▸ **Work to be completed**
When you repeat the listing, keep every character as it is.

[[ Data provided open ]]

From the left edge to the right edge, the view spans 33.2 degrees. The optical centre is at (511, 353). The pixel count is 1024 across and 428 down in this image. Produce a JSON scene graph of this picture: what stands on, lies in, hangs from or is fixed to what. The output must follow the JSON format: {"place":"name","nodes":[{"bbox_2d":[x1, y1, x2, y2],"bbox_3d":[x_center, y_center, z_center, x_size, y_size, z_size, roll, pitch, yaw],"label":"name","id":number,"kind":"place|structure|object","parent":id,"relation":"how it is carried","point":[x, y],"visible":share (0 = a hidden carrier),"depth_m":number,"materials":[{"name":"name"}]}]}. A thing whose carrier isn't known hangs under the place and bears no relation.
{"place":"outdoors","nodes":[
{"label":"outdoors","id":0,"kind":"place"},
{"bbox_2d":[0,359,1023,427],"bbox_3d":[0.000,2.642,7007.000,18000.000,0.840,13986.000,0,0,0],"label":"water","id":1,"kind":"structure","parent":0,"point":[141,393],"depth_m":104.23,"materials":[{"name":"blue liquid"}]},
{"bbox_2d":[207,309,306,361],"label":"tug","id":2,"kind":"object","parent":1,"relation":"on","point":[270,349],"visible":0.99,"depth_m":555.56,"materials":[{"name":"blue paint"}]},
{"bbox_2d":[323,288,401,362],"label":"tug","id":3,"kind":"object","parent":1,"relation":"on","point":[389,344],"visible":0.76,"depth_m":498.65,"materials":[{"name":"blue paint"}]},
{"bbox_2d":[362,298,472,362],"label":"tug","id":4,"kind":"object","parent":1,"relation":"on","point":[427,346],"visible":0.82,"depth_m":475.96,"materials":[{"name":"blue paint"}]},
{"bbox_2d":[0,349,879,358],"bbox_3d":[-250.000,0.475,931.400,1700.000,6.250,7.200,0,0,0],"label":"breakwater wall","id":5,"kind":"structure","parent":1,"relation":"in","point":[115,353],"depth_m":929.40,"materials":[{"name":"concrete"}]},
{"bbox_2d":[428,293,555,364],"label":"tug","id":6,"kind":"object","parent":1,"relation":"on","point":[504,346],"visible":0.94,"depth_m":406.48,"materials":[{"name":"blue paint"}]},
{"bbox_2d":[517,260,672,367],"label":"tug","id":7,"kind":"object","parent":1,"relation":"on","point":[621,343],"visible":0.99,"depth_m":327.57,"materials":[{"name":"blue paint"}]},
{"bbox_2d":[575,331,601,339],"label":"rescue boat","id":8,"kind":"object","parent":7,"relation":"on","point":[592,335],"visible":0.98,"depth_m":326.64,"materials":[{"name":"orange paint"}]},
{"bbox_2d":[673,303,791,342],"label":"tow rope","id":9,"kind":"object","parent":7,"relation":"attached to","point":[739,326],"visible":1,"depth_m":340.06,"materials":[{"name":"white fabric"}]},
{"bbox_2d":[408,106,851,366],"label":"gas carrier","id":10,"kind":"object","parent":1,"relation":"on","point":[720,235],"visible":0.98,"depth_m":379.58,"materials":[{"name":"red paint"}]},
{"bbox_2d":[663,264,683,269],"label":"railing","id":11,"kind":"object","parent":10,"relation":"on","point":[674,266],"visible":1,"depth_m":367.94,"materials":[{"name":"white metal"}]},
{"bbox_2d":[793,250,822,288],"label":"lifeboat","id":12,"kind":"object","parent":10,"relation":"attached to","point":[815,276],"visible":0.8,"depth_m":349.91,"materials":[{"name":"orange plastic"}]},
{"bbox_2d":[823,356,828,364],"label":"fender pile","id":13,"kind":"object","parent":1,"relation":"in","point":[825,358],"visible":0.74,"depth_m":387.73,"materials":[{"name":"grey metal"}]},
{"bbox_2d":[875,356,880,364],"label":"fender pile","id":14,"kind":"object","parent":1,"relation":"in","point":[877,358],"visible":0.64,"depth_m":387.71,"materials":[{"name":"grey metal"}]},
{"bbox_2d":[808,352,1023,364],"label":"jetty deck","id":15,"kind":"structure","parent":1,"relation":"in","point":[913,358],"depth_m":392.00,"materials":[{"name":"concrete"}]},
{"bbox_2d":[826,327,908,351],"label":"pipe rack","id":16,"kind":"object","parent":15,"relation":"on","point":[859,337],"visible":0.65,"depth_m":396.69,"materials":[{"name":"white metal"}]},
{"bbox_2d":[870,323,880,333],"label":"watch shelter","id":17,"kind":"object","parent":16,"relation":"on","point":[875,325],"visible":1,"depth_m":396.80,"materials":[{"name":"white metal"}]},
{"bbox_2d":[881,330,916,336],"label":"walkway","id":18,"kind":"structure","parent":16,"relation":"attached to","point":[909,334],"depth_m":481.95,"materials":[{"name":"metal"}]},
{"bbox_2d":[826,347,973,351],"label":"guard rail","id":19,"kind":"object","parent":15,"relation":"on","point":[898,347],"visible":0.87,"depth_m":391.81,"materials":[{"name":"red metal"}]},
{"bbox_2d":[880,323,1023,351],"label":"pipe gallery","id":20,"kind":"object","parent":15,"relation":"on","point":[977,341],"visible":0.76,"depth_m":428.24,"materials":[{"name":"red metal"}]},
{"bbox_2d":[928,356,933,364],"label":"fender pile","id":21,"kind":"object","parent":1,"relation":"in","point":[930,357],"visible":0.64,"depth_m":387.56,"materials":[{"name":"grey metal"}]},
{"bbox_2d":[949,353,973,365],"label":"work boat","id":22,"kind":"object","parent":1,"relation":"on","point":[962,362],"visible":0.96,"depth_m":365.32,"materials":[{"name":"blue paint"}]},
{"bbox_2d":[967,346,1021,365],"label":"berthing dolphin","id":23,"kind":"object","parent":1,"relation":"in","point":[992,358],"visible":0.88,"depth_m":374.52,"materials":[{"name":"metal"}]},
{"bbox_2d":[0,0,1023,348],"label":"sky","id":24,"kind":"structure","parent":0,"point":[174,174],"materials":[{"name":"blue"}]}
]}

[[ Data provided closed ]]

▸ **Response box**
From the left edge to the right edge, the view spans 33.2 degrees. The optical centre is at (511, 353). The pixel count is 1024 across and 428 down in this image. Produce a JSON scene graph of this picture: what stands on, lies in, hangs from or is fixed to what. The output must follow the JSON format: {"place":"name","nodes":[{"bbox_2d":[x1, y1, x2, y2],"bbox_3d":[x_center, y_center, z_center, x_size, y_size, z_size, roll, pitch, yaw],"label":"name","id":number,"kind":"place|structure|object","parent":id,"relation":"how it is carried","point":[x, y],"visible":share (0 = a hidden carrier),"depth_m":number,"materials":[{"name":"name"}]}]}. A thing whose carrier isn't known hangs under the place and bears no relation.
{"place":"outdoors","nodes":[
{"label":"outdoors","id":0,"kind":"place"},
{"bbox_2d":[0,359,1023,427],"bbox_3d":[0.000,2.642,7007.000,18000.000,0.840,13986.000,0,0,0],"label":"water","id":1,"kind":"structure","parent":0,"point":[141,393],"depth_m":104.23,"materials":[{"name":"blue liquid"}]},
{"bbox_2d":[207,309,306,361],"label":"tug","id":2,"kind":"object","parent":1,"relation":"on","point":[270,349],"visible":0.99,"depth_m":555.56,"materials":[{"name":"blue paint"}]},
{"bbox_2d":[323,288,401,362],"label":"tug","id":3,"kind":"object","parent":1,"relation":"on","point":[389,344],"visible":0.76,"depth_m":498.65,"materials":[{"name":"blue paint"}]},
{"bbox_2d":[362,298,472,362],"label":"tug","id":4,"kind":"object","parent":1,"relation":"on","point":[427,346],"visible":0.82,"depth_m":475.96,"materials":[{"name":"blue paint"}]},
{"bbox_2d":[0,349,879,358],"bbox_3d":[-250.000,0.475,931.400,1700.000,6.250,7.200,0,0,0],"label":"breakwater wall","id":5,"kind":"structure","parent":1,"relation":"in","point":[115,353],"depth_m":929.40,"materials":[{"name":"concrete"}]},
{"bbox_2d":[428,293,555,364],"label":"tug","id":6,"kind":"object","parent":1,"relation":"on","point":[504,346],"visible":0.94,"depth_m":406.48,"materials":[{"name":"blue paint"}]},
{"bbox_2d":[517,260,672,367],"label":"tug","id":7,"kind":"object","parent":1,"relation":"on","point":[621,343],"visible":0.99,"depth_m":327.57,"materials":[{"name":"blue paint"}]},
{"bbox_2d":[575,331,601,339],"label":"rescue boat","id":8,"kind":"object","parent":7,"relation":"on","point":[592,335],"visible":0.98,"depth_m":326.64,"materials":[{"name":"orange paint"}]},
{"bbox_2d":[673,303,791,342],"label":"tow rope","id":9,"kind":"object","parent":7,"relation":"attached to","point":[739,326],"visible":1,"depth_m":340.06,"materials":[{"name":"white fabric"}]},
{"bbox_2d":[408,106,851,366],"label":"gas carrier","id":10,"kind":"object","parent":1,"relation":"on","point":[720,235],"visible":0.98,"depth_m":379.58,"materials":[{"name":"red paint"}]},
{"bbox_2d":[663,264,683,269],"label":"railing","id":11,"kind":"object","parent":10,"relation":"on","point":[674,266],"visible":1,"depth_m":367.94,"materials":[{"name":"white metal"}]},
{"bbox_2d":[793,250,822,288],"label":"lifeboat","id":12,"kind":"object","parent":10,"relation":"attached to","point":[815,276],"visible":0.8,"depth_m":349.91,"materials":[{"name":"orange plastic"}]},
{"bbox_2d":[823,356,828,364],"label":"fender pile","id":13,"kind":"object","parent":1,"relation":"in","point":[825,358],"visible":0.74,"depth_m":387.73,"materials":[{"name":"grey metal"}]},
{"bbox_2d":[875,356,880,364],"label":"fender pile","id":14,"kind":"object","parent":1,"relation":"in","point":[877,358],"visible":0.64,"depth_m":387.71,"materials":[{"name":"grey metal"}]},
{"bbox_2d":[808,352,1023,364],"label":"jetty deck","id":15,"kind":"structure","parent":1,"relation":"in","point":[913,358],"depth_m":392.00,"materials":[{"name":"concrete"}]},
{"bbox_2d":[826,327,908,351],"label":"pipe rack","id":16,"kind":"object","parent":15,"relation":"on","point":[859,337],"visible":0.65,"depth_m":396.69,"materials":[{"name":"white metal"}]},
{"bbox_2d":[870,323,880,333],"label":"watch shelter","id":17,"kind":"object","parent":16,"relation":"on","point":[875,325],"visible":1,"depth_m":396.80,"materials":[{"name":"white metal"}]},
{"bbox_2d":[881,330,916,336],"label":"walkway","id":18,"kind":"structure","parent":16,"relation":"attached to","point":[909,334],"depth_m":481.95,"materials":[{"name":"metal"}]},
{"bbox_2d":[826,347,973,351],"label":"guard rail","id":19,"kind":"object","parent":15,"relation":"on","point":[898,347],"visible":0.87,"depth_m":391.81,"materials":[{"name":"red metal"}]},
{"bbox_2d":[880,323,1023,351],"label":"pipe gallery","id":20,"kind":"object","parent":15,"relation":"on","point":[977,341],"visible":0.76,"depth_m":428.24,"materials":[{"name":"red metal"}]},
{"bbox_2d":[928,356,933,364],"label":"fender pile","id":21,"kind":"object","parent":1,"relation":"in","point":[930,357],"visible":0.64,"depth_m":387.56,"materials":[{"name":"grey metal"}]},
{"bbox_2d":[949,353,973,365],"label":"work boat","id":22,"kind":"object","parent":1,"relation":"on","point":[962,362],"visible":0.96,"depth_m":365.32,"materials":[{"name":"blue paint"}]},
{"bbox_2d":[967,346,1021,365],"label":"berthing dolphin","id":23,"kind":"object","parent":1,"relation":"in","point":[992,358],"visible":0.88,"depth_m":374.52,"materials":[{"name":"metal"}]},
{"bbox_2d":[0,0,1023,348],"label":"sky","id":24,"kind":"structure","parent":0,"point":[174,174],"materials":[{"name":"blue"}]}
]}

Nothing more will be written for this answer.